Nació el 08 de Febrero de 1931 en Marion, Indiana, EE.UU.
Falleció el 30 de Septiembre de 1955 en Cholame, California, EE.UU.

Espíritu de los 50

19 Diciembre 2002

Icono. Leyenda. Mito. Tres películas fueron suficientes para fraguar su inmortalidad.

¿Pero qué tenía este chico de aires tímidos, gesto reconcentrado y mirada triste para que a la vuelta de cincuenta años siga llenando portadas de revistas o carpetas de adolescentes? Quizá no era Bogart, ni Brando, pero le bastó encarnar a la perfección las obsesiones, incomprensiones y rebeldías de toda una generación para granjearse el favor del público. Ya se sabe que el carácter contestatario ha sido siempre un imán para las conciencias, sobre todo si viven adormecidas en la rutina de una vida plana. Y el talento de James Dean llegó en el momento justo, él fue el Elvis de la interpretación, el Warhol de la pantalla, el Che Guevara del cine. Y aunque su luz se extinguió pronto, también su claridad fue deslumbrante.

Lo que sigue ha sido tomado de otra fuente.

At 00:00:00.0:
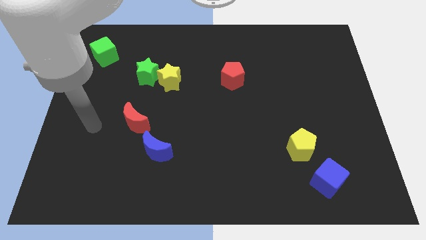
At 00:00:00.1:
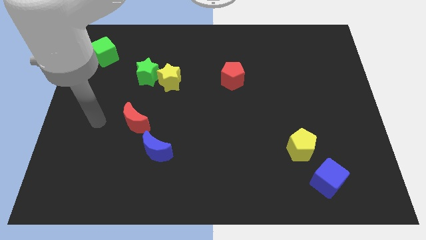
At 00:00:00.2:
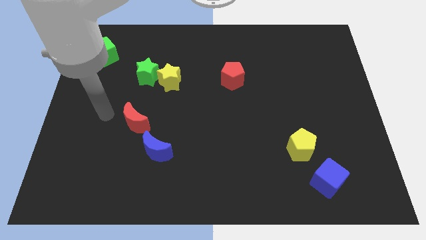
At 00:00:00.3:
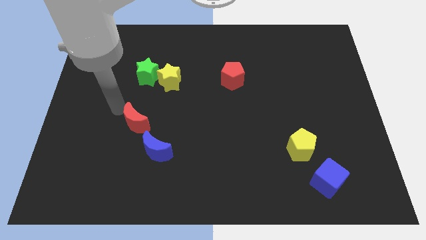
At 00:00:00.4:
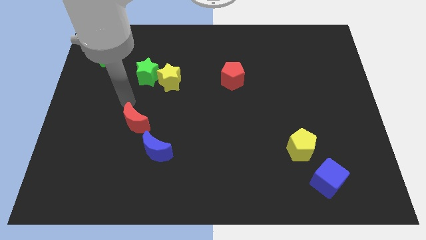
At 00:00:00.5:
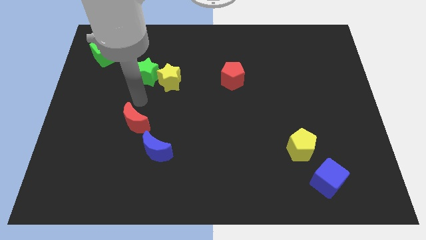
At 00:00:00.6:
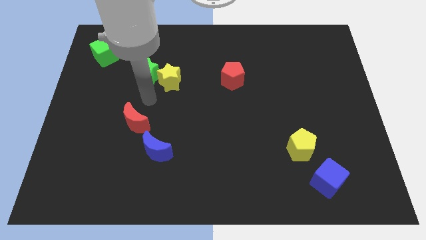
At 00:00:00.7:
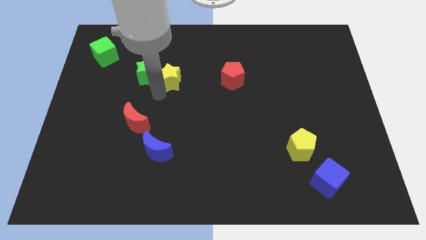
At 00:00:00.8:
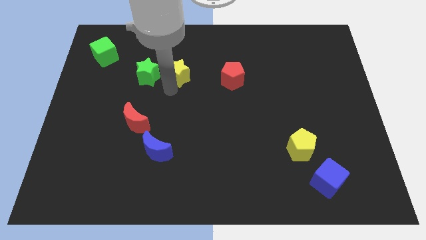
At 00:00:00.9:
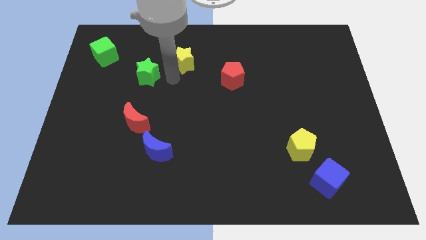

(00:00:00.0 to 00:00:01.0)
separate the green star from the yellow star

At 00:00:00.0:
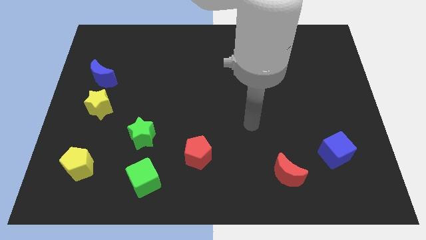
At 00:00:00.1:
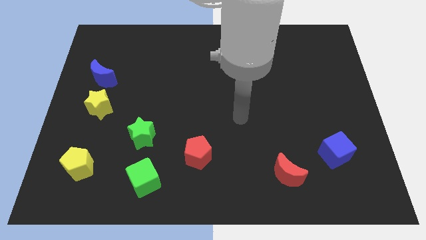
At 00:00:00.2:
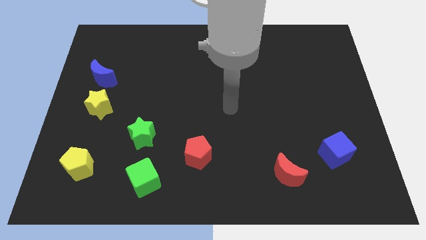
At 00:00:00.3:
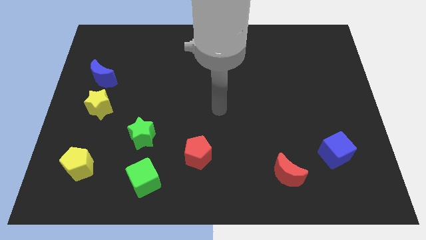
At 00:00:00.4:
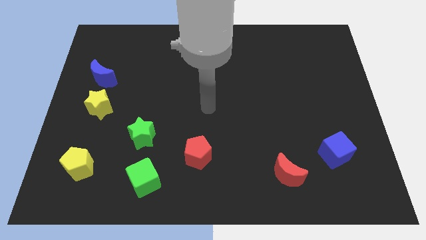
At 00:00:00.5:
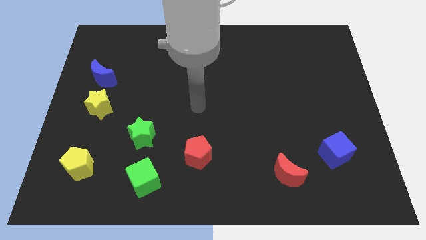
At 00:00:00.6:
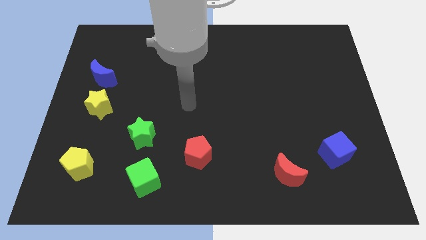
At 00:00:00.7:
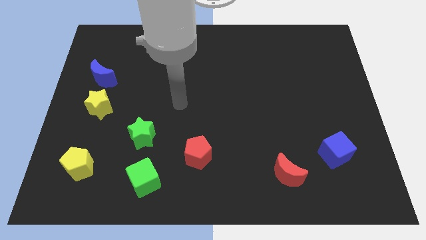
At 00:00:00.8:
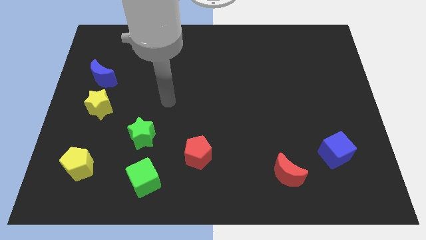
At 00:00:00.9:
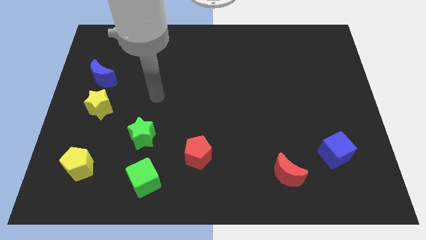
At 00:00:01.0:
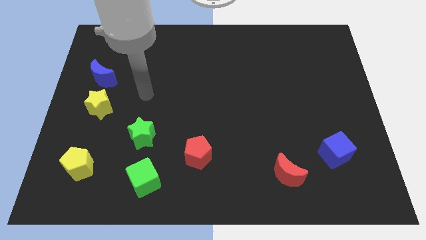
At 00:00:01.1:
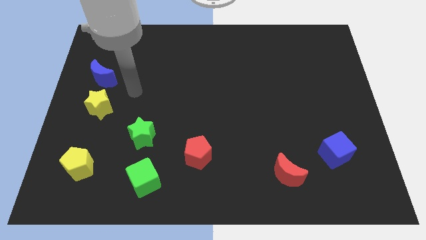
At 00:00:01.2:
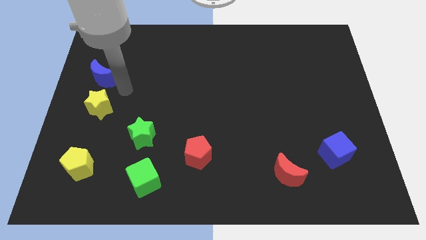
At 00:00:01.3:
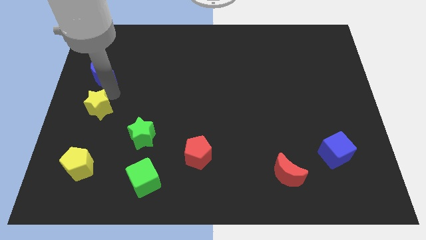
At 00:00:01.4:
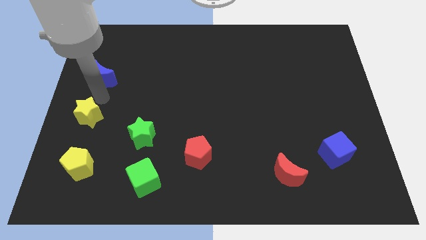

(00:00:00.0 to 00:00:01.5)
pull the blue moon apart from the yellow star

James Byron Dean nació el 8 de febrero de 1931 en Marion, Indiana. A los pocos años se trasladó a Los Angeles, pero a la muerte de su madre –cuando él contaba 9 años– volvió de nuevo a Indiana, donde vivió en la granja de sus tíos. Pronto, sin embargo, regresó a California para estudiar interpretación en UCLA. Allí trabajó en anuncios, series televisivas y obras de teatro en Broadway. Y aprovechando su estancia en Nueva York completó su formación en el prestigioso Actors Studio.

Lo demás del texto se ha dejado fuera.